The opening paragraph of the opinion by Chief Judge Diane P. Wood tells the story: “Nicholas Glisson entered the custody of the Indiana Department of Corrections on September 3, 2010, upon being sentenced for dealing in a controlled substance (selling one prescription pill to a friend who turned out to be a confidential informant). Thirty-seven days later, he was dead from starvation, acute renal failure, and associated conditions.”
After reciting the facts of this particular, egregious example, Greenhouse notes that she has two reasons for her focus on the Indiana case.

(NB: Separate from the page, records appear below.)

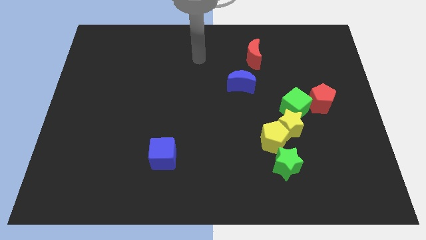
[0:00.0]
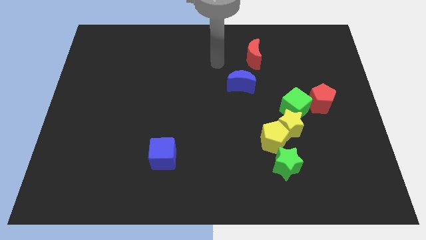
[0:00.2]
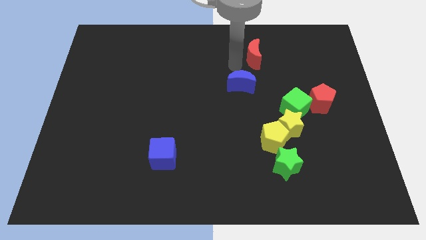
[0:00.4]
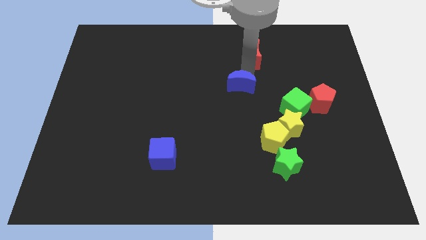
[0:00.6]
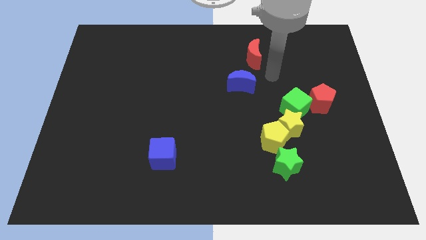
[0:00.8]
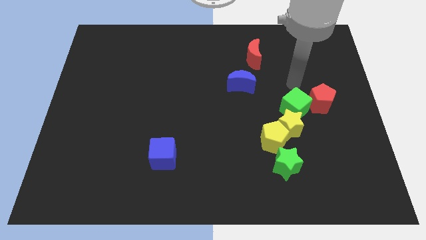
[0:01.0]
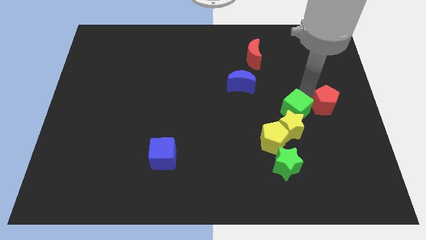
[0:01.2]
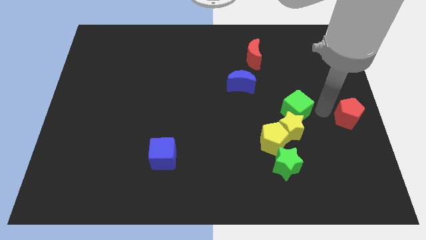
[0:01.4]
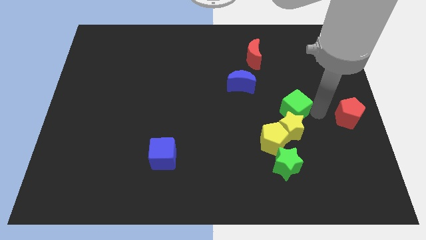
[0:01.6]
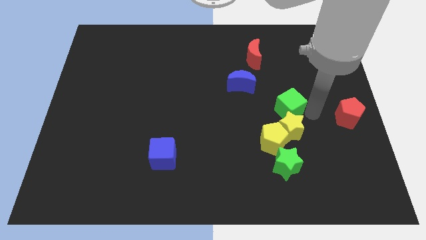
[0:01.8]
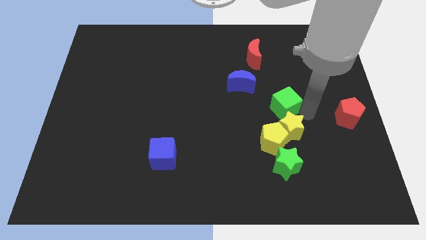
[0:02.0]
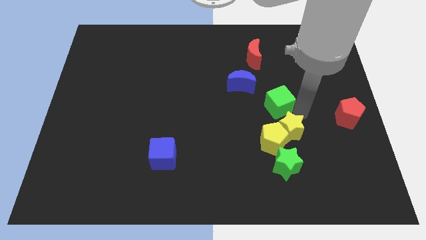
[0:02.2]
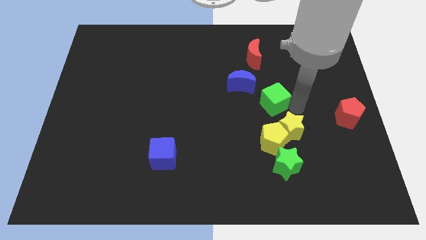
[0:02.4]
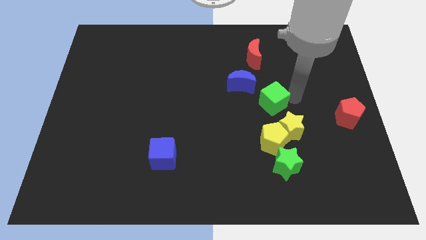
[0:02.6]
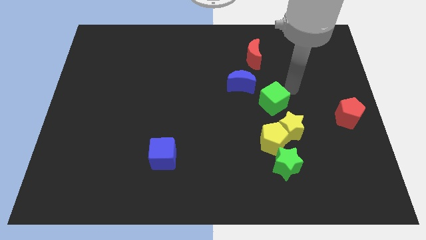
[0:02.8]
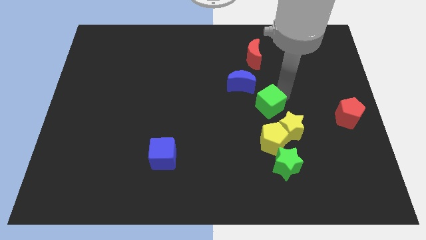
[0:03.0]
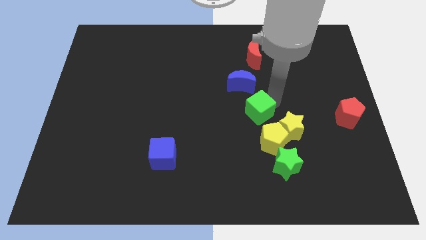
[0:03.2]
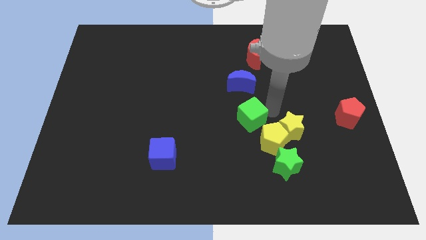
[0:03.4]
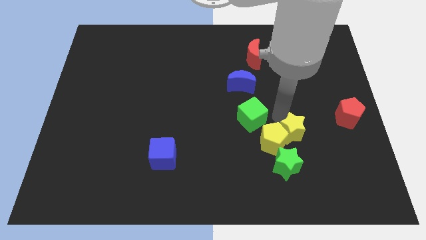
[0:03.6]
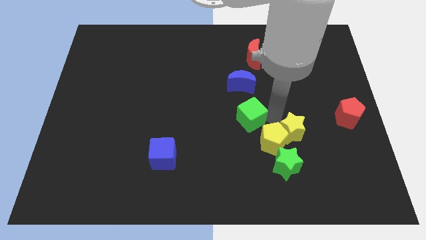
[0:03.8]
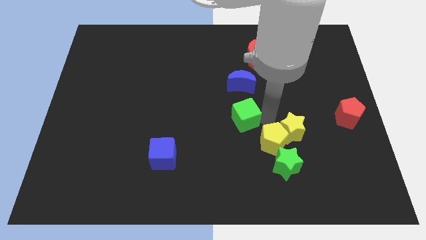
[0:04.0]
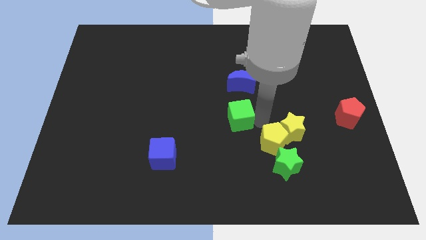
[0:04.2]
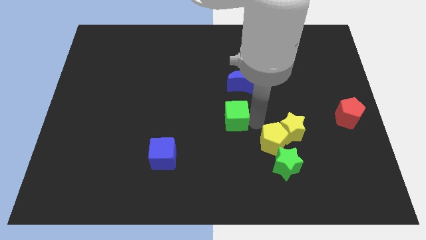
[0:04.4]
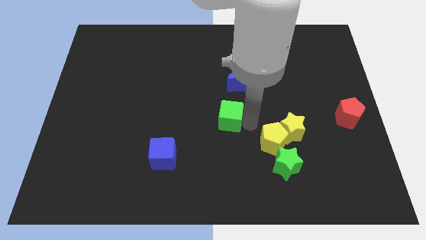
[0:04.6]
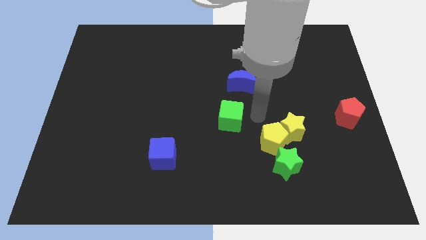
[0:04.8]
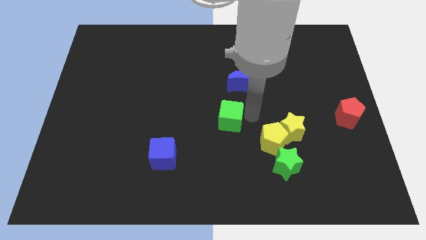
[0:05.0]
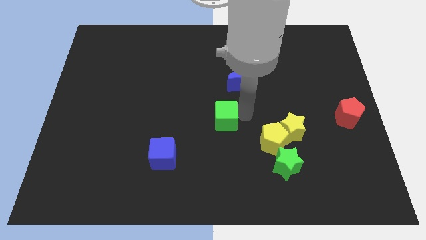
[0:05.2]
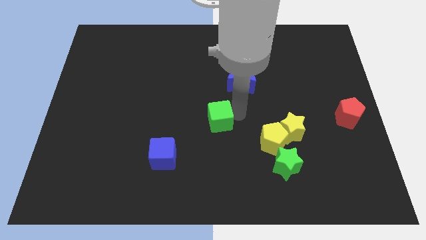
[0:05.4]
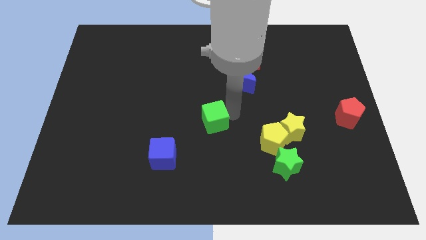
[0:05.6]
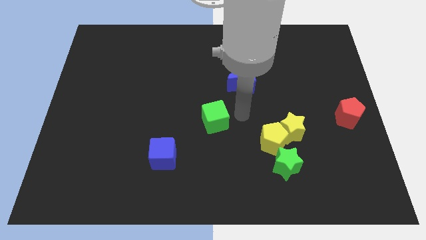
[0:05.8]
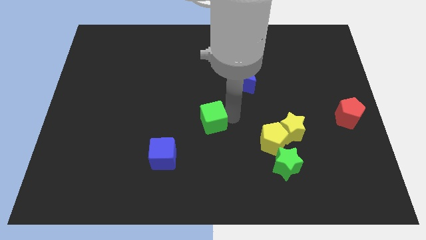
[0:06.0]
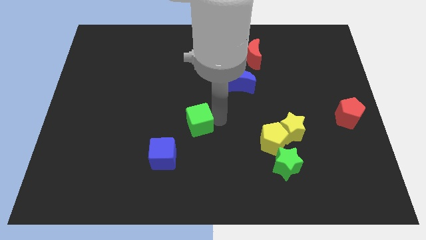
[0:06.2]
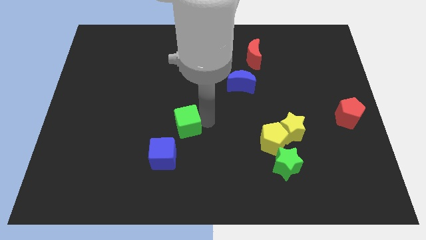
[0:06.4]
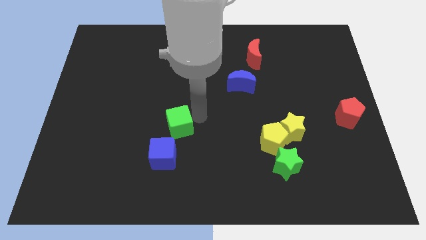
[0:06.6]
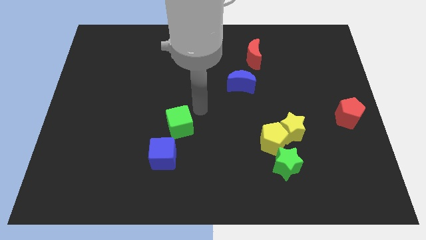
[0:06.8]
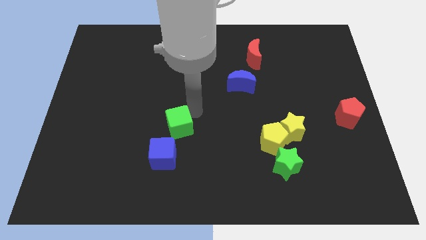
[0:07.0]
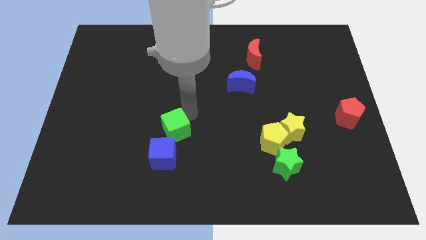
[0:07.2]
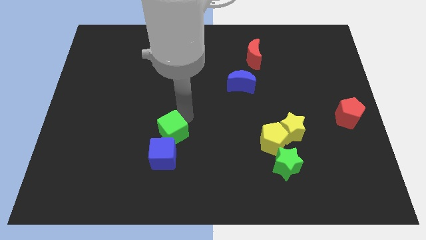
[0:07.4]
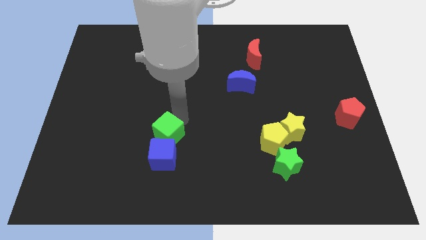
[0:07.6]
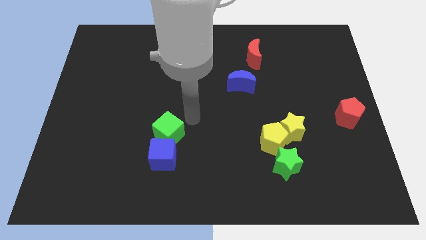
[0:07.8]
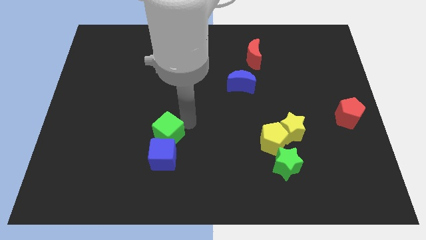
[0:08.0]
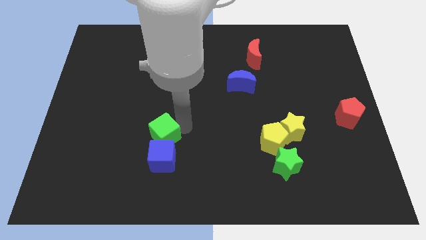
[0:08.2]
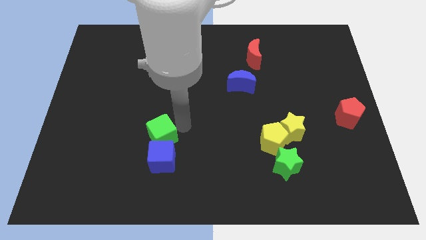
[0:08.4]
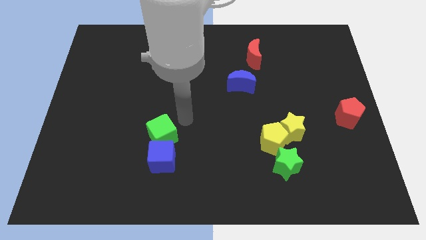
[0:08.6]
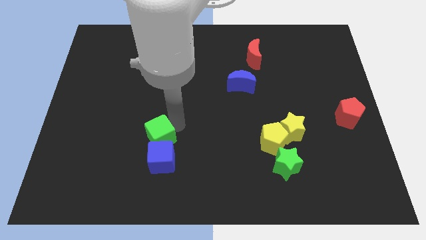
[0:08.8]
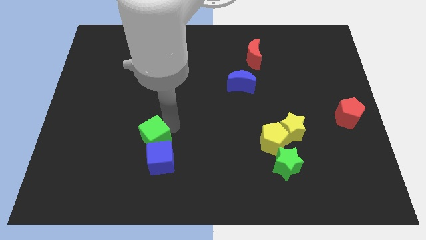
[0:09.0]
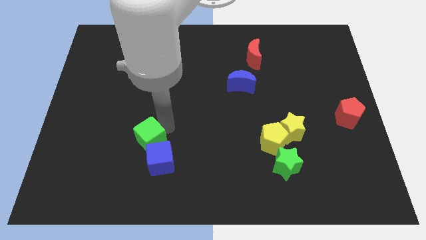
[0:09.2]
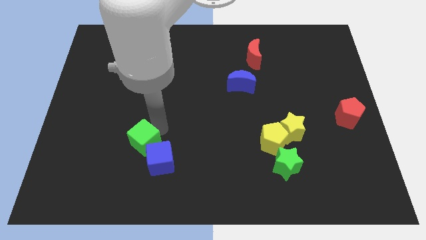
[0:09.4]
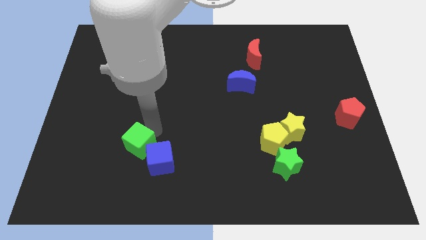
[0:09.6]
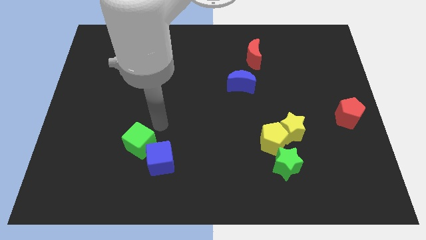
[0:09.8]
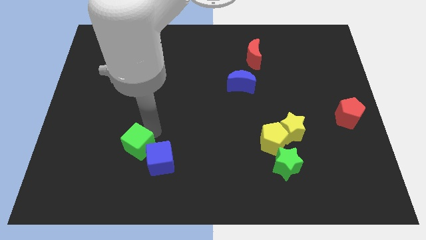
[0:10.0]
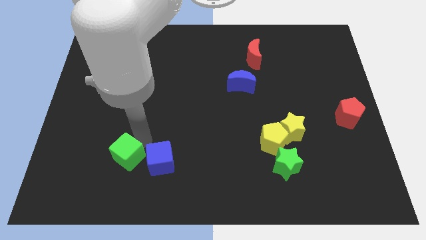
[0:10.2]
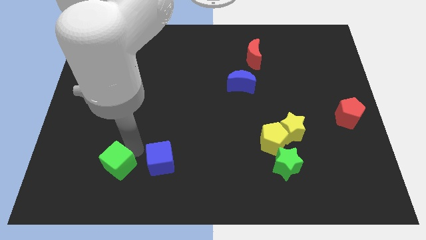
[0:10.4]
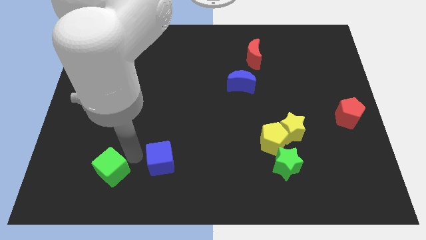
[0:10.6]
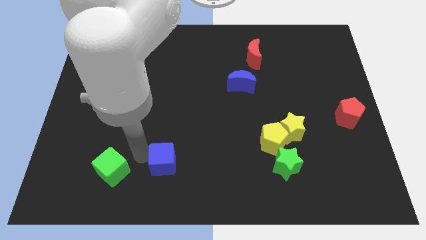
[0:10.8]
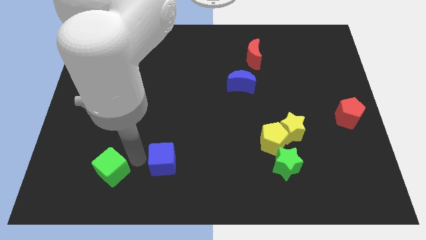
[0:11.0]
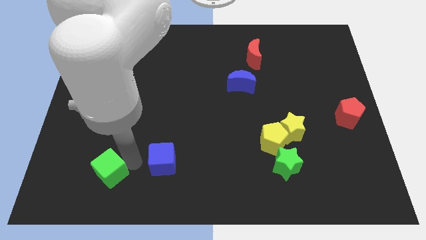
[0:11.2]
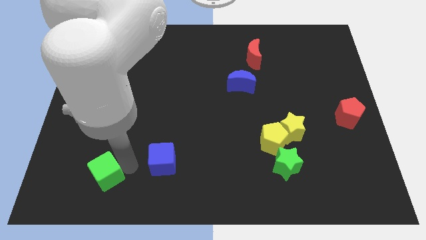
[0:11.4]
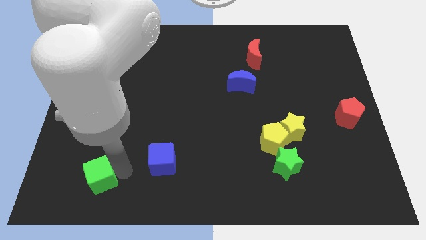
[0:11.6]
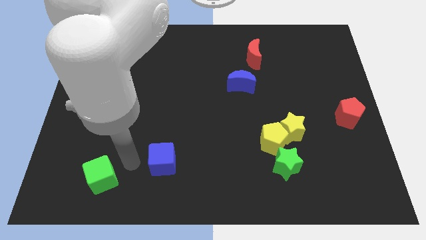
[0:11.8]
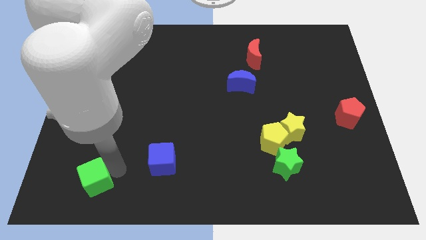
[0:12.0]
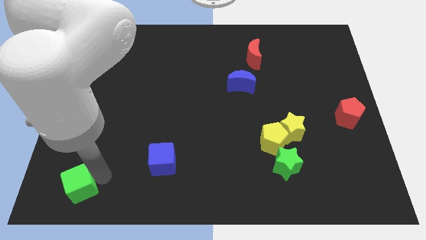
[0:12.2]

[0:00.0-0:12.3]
move the green cube to the bottom left of the board

The first is to show the recklessness of President Trump’s wave-of-the-hand decision to retain the private prisons that a Justice Department study last year concluded “do not maintain the same level of safety and security” as those operated by the Bureau of Prisons. Sally Q. Yates, the holdover deputy attorney general whom President Trump fired last month for refusing to defend his travel ban, relied on that conclusion in announcing that private prison contracts would not be renewed and that the 22,000 federal inmates housed in those prisons would be cut to 14,700 by May 2017 and eventually to zero.
Greenhouse’s second reason was to highlight the stark differences between the judge’s opinion upholding the right of the mother to sue and the original decision, by a different judge, dismissing the suit. As she pointed out, the choice of the people who render judgment in our system–the judges nominated by the President and confirmed by the Senate–is important. Those choices matter.
When I read about this case, and the absolutely unnecessary death of a “felon” whose crime consisted of the sale of one prescription pill, it reminded me of something else that matters: the harm done by policies rooted in nothing other than social disapproval –what the Founders called “the passions of the majority.” Greenhouse has provided us with one example–drug laws that sweep far too widely and impose penalties wildly disproportionate to the offenses. The Trump Administration is in the process of providing us with another–the indiscriminate deportation of people whose only “crime” is coming to our communities without documentation.
Everyone disapproves of drug abuse, but not everyone agrees on the difference between “use” and “abuse”–or even the difference between harmful and harmless substances.
Similarly, everyone disapproves of illegal entry into the country in the abstract, but when we fail to distinguish between people who were brought here as young children by their parents, people who have been longtime assets to their communities or who have served in America’s armed forces, and the “bad hombres” of Trump’s rash rhetoric, we aren’t just being inhumane, we are supporting measures that are both costly and stupid.
It matters who our judges are. It really matters who the President is.